Genomic characterization of Enterotoxigenic E. coli F4 and F18 positive strains from post-weaning diarrhea in pigs.

This study aimed to characterize in silico Enterotoxigenic E. coli F4- and F18-positive-isolates (n=90) causing swine post-weaning diarrhea, including pathogenic potential, phylogenetic relationship, antimicrobial and biocide resistance (R), prophage content and metal tolerance rates. F4-strains belonged mostly to the O149 and O6 serogroups and ST100 and ST48 MLST-types.

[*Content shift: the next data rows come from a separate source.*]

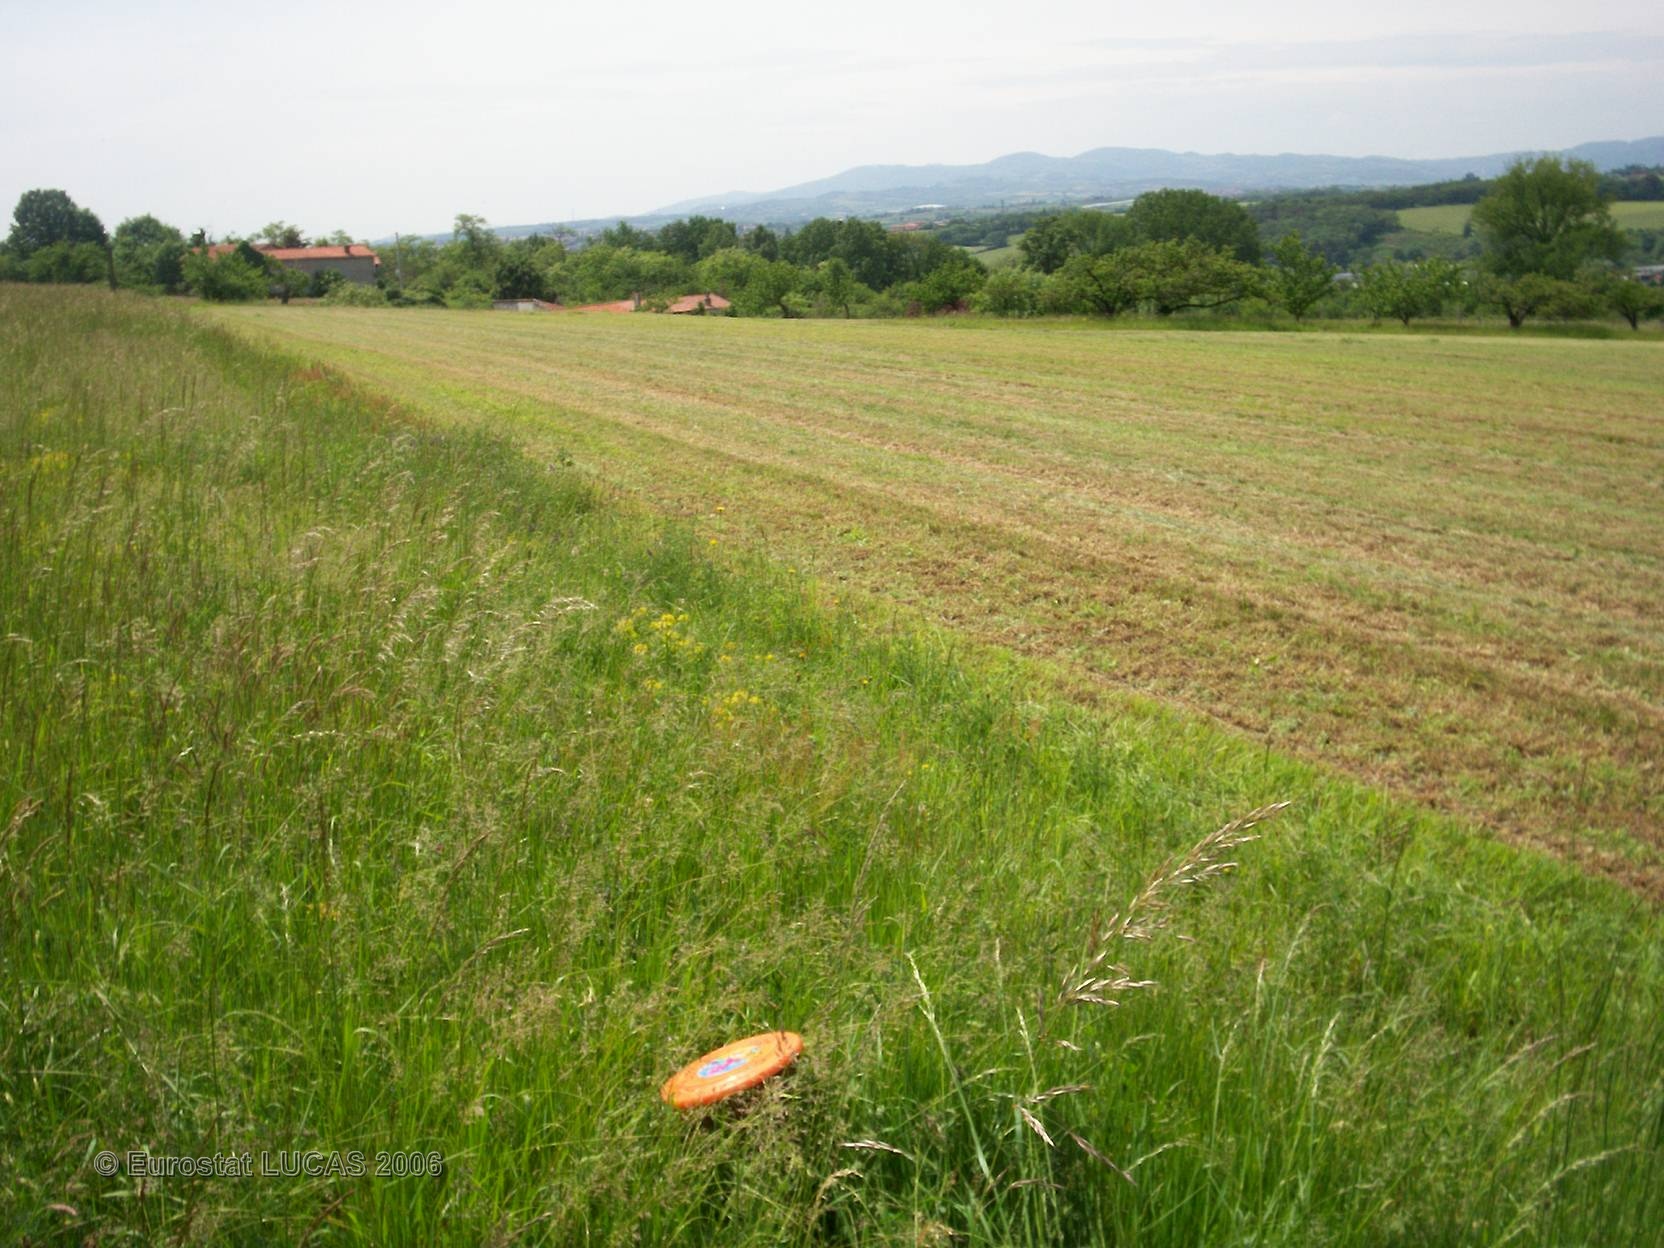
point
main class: Grassland
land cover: Grassland without tree/shrub cover
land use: Agriculture (excluding fallow land and kitchen gardens)
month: May
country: FR
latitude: 45.7001
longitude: 4.7764

F18-strains were mainly assigned to the O8 and O147 serogroups and ST10, ST23 and ST42. The highest rates of antimicrobial-R were found against streptomycin, sulfamethoxazole, tetracycline, trimethoprim and ampicillin. No resistance was found towards ciprofloxacin, cefotaxime, ceftiofur and colistin. Genes conferring tolerance to copper (showing highest diversity), cadmium, silver and zinc were predicted in all genomes. Enterotoxins (ltcA; 100 % F4, 62 % F18, astA; 100 % F4, 38.1 % F18, sta;18.8 % F4, 38.1 % F18, stb; 100 % F4, 76.2 % F18) and fimbriae encoding genes typed as F4ac and F18ac were detected in all the strains, in addition to up to 16 other virulence genes in individual strains. Phage analysis predicted between 7 and 20 different prophage regions in each strain. High diversity of plasmid replicons was shown; IncFII, IncFIB and IncFIC were prevalent among F4-isolates while IncI1, and IncX1 were dominant among F18-strains. Interestingly, F4-isolates from the early 90's belonged to the same clonal group detected for most of the F4-strains from 2018-2019 (ONT:H10-A-ST100-CH27-0). The low number of SN...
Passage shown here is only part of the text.